The hanged man hints that wisdom often involves seeming paradox, and what may seem to be bad or crazy or weird to some people may be holy and sublime from inside. Put it another way: An old saying says that if a pickpocket were to sneak in to a conference of saints, he would only see their pockets. Or as Dostoyevsky wrote about in a story within a story, in the novel The Brothers Karamazov, one of the brothers tells a story called “the Grand Inquisitor,” about Jesus returning to earth during the Spanish Inquisition. He’s thrown in Jail and the main part of the story has a monologue by the Grand Inquisitor as he speaks to Jesus.

The card is aimed at inviting you to open your mind to the possibility that as you grow wiser you will encounter a number of seeming paradoxes, lessons that may be the opposite of what you learned when you were growing up, or the opposite of what still today is considered common sense or what most folks believe about the world and what it’s about, what you need to do to make it, who you are, what your meaning or purpose is about.
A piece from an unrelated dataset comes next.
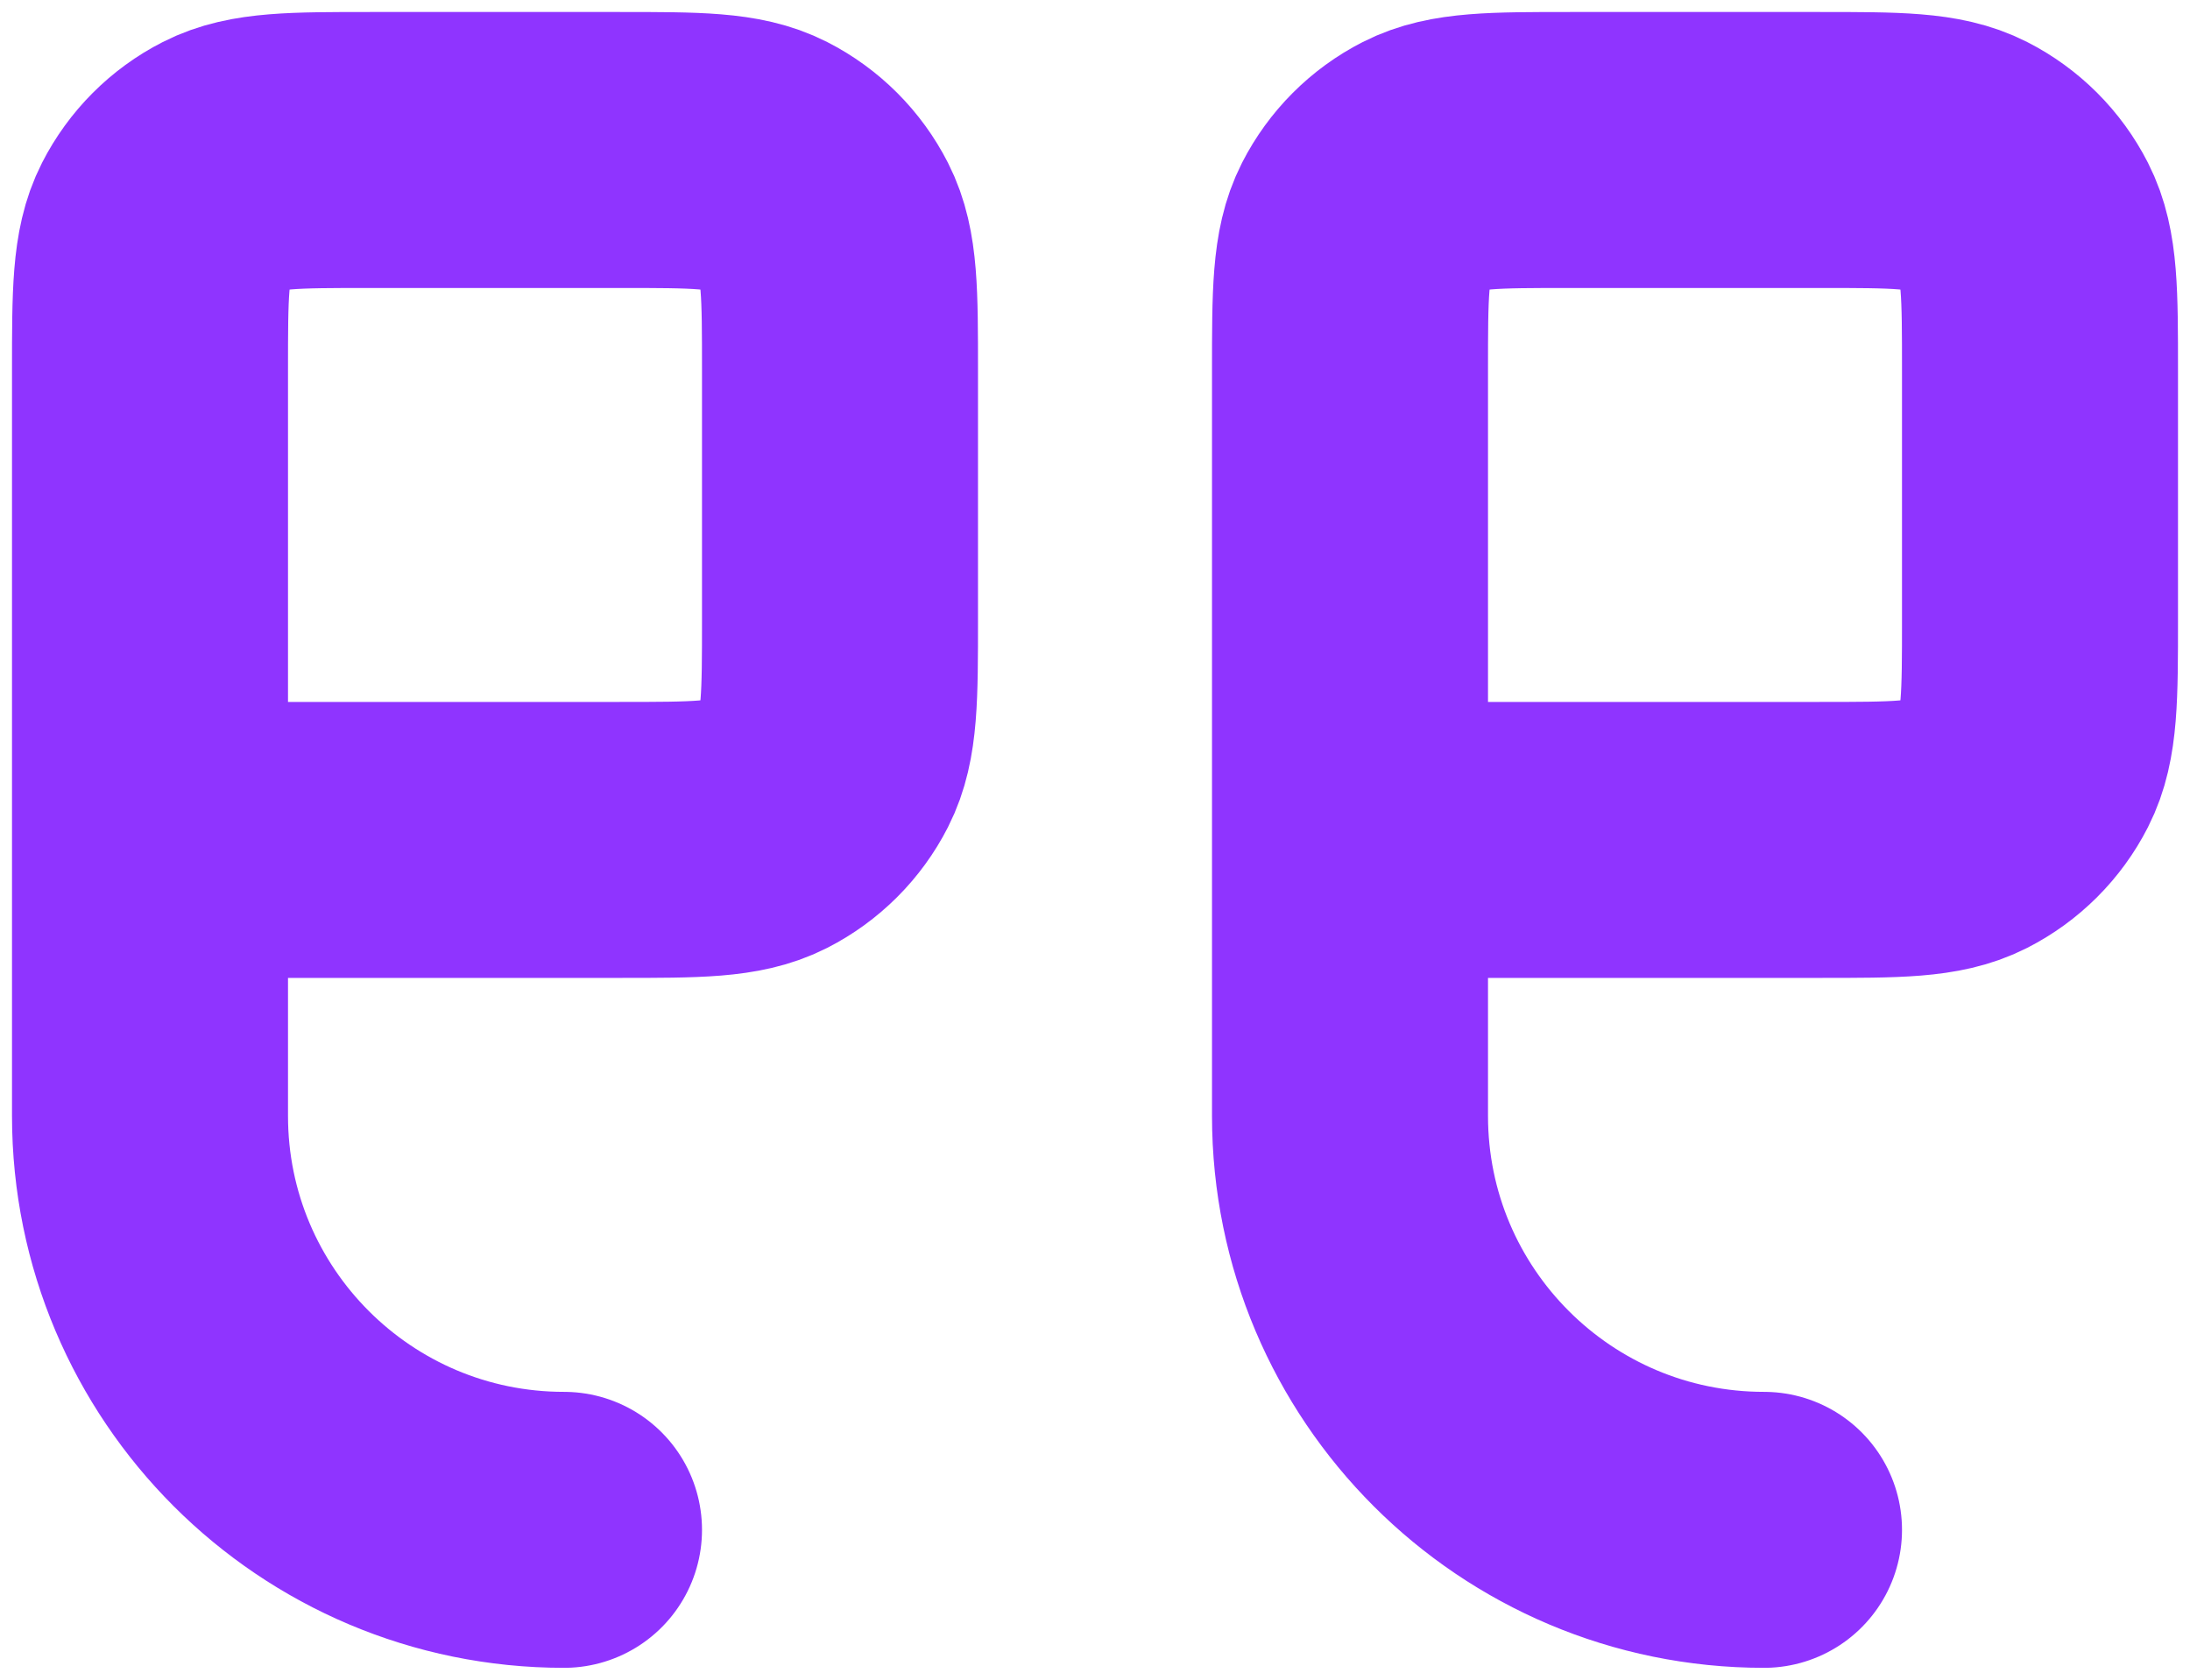 <svg width="73" height="56" viewBox="0 0 73 56" fill="none" xmlns="http://www.w3.org/2000/svg">
<path d="M5 28L5 12.36C5 9.784 5 8.496 5.501 7.513C5.943 6.647 6.645 5.942 7.511 5.501C8.494 5 9.782 5 12.353 5L20.647 5C23.218 5 24.504 5 25.487 5.501C26.353 5.942 27.058 6.647 27.499 7.513C28 8.496 28 9.782 28 12.353L28 20.647C28 23.218 28 24.506 27.499 25.489C27.058 26.355 26.353 27.058 25.488 27.499C24.503 28 23.216 28 20.64 28L5 28ZM5 28L5 37.2C5 44.822 11.178 51 18.8 51" stroke="#8F34FF" stroke-width="9.2" stroke-linecap="round" stroke-linejoin="round"/>
<path d="M45 28L45 12.36C45 9.784 45 8.496 45.501 7.513C45.943 6.647 46.645 5.942 47.511 5.501C48.494 5 49.782 5 52.353 5L60.647 5C63.218 5 64.504 5 65.487 5.501C66.353 5.942 67.058 6.647 67.499 7.513C68 8.496 68 9.782 68 12.353L68 20.647C68 23.218 68 24.506 67.499 25.489C67.058 26.355 66.353 27.058 65.487 27.499C64.504 28 63.217 28 60.64 28L45 28ZM45 28L45 37.2C45 44.822 51.178 51 58.8 51" stroke="#8F34FF" stroke-width="9.2" stroke-linecap="round" stroke-linejoin="round"/>
</svg>

Actually, of course, you’ve encountered some of these contrary messages, but sometimes it takes a bit of living to bring their messages home to you.

Well, that’s enough for this talk. Let’s explore some further questions.

1. I took seriously the question last week, are there any civilizations that have achieved a truly higher level of consciousness?  In some old myths, some of you heard of a place called Atlantis, that stories make out to be elevated somehow— but these stories are not much more than myth.

       Here’s another advanced civilization: America in 2000, according to the dreams of the science fiction writers around mid 20th century. Technology will have solved so many problems— it will be plush! But Wall-E movie showed both a dystopia and utopia combined, and other fiction writers imagine a more unpleasant future. The point is that no one has really thought out or spelled out much less manifested even a local utopian community—one that actually lasted and where there were hardly any downsides--- much less a nation.

So if any of you have better ideas, please let me know. I don’t doubt that there have been societies in which perhaps one or even several features might seem attractive, but often those features depended on tyranny, slavery, rigidity of acceptable beliefs, exploitation of foreigners, war, and applied only to certain sub-groups. The brief periods of “golden ages” for certain arts or music, philosophy or science, tended to apply, as I say, to fairly protected classes of people.